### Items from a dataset

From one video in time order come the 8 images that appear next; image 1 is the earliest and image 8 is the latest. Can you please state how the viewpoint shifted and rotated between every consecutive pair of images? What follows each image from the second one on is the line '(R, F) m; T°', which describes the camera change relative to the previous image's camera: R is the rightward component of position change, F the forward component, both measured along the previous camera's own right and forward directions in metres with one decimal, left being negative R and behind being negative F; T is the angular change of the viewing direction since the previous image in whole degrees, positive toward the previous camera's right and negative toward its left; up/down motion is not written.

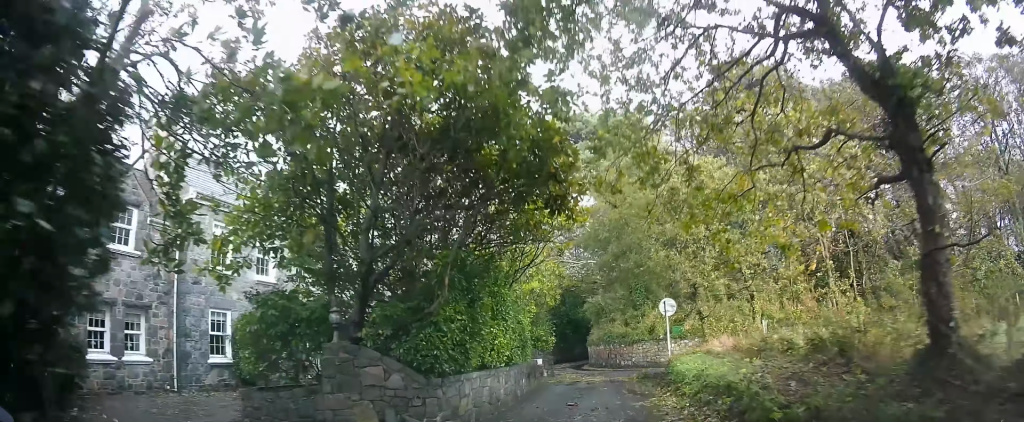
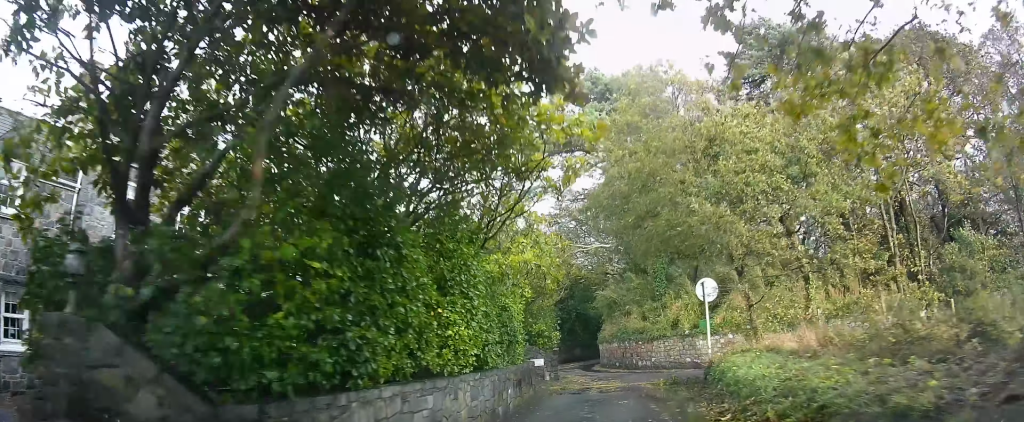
(-0.1, +4.1) m; 0°
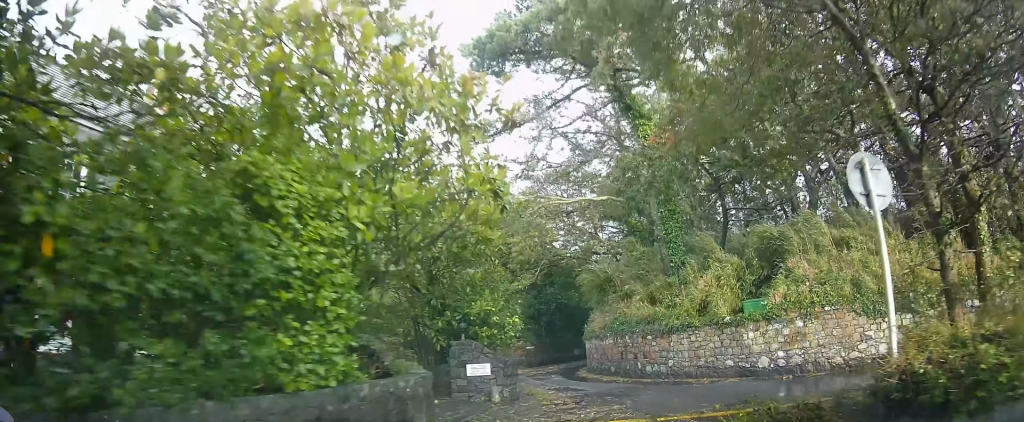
(+1.3, +7.0) m; +15°
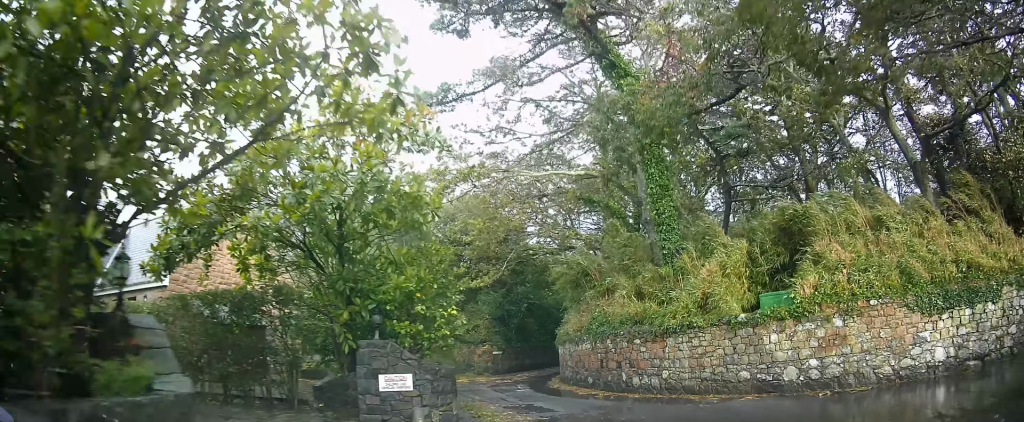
(+0.2, +3.2) m; +2°
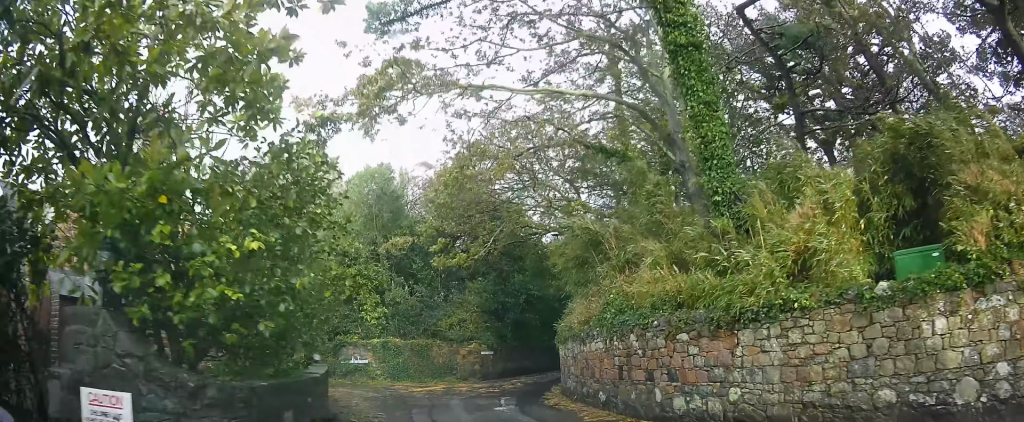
(+0.3, +6.4) m; +14°
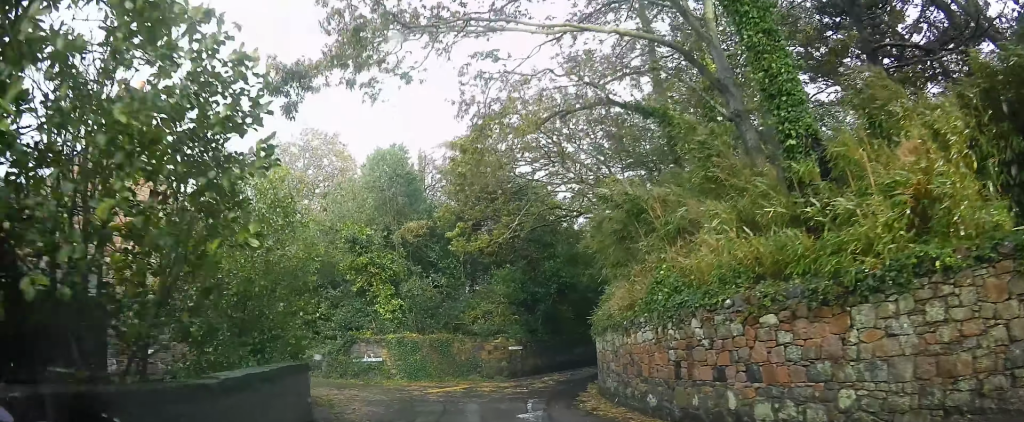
(+0.3, +2.9) m; +2°
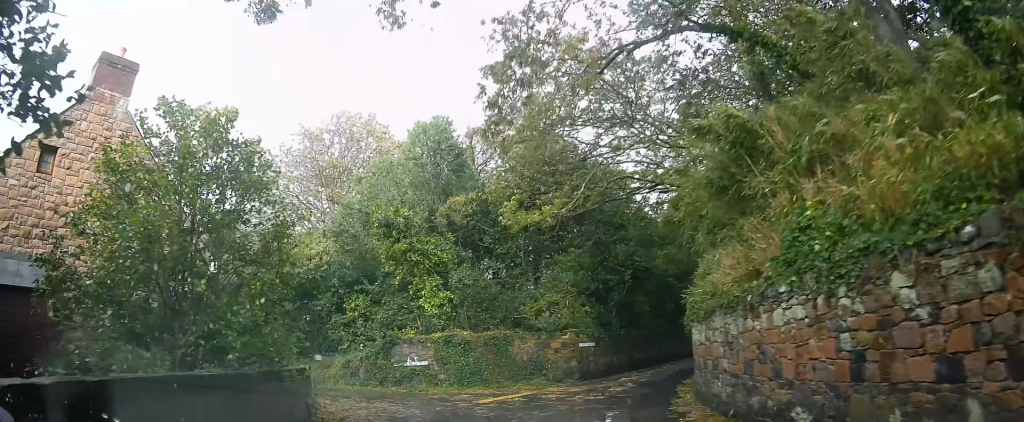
(-0.1, +3.8) m; -12°
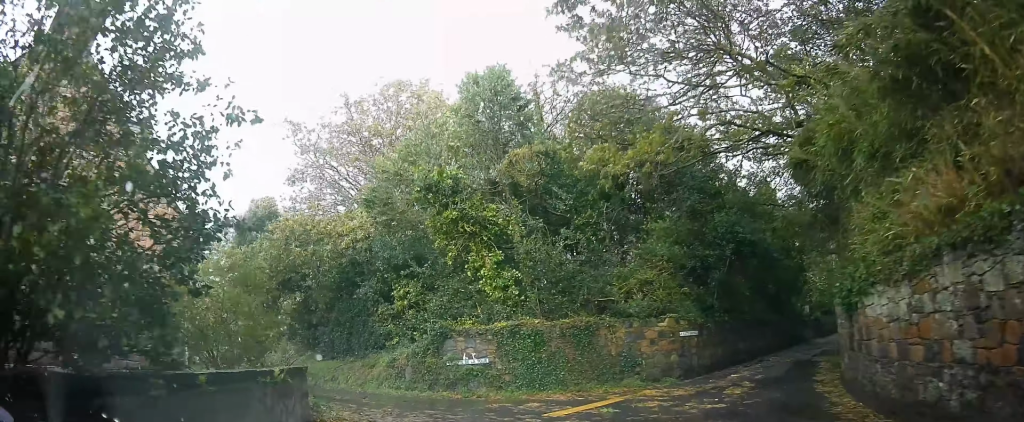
(-0.8, +3.9) m; -16°

### Problem to solve
Each record should be printed exactly as it appears, leaving the pictures out.

### Written response
From one video in time order come the 8 images that appear next; image 1 is the earliest and image 8 is the latest. Can you please state how the viewpoint shifted and rotated between every consecutive pair of images? What follows each image from the second one on is the line '(R, F) m; T°', which describes the camera change relative to the previous image's camera: R is the rightward component of position change, F the forward component, both measured along the previous camera's own right and forward directions in metres with one decimal, left being negative R and behind being negative F; T is the angular change of the viewing direction since the previous image in whole degrees, positive toward the previous camera's right and negative toward its left; up/down motion is not written.

(-0.1, +4.1) m; 0°
(+1.3, +7.0) m; +15°
(+0.2, +3.2) m; +2°
(+0.3, +6.4) m; +14°
(+0.3, +2.9) m; +2°
(-0.1, +3.8) m; -12°
(-0.8, +3.9) m; -16°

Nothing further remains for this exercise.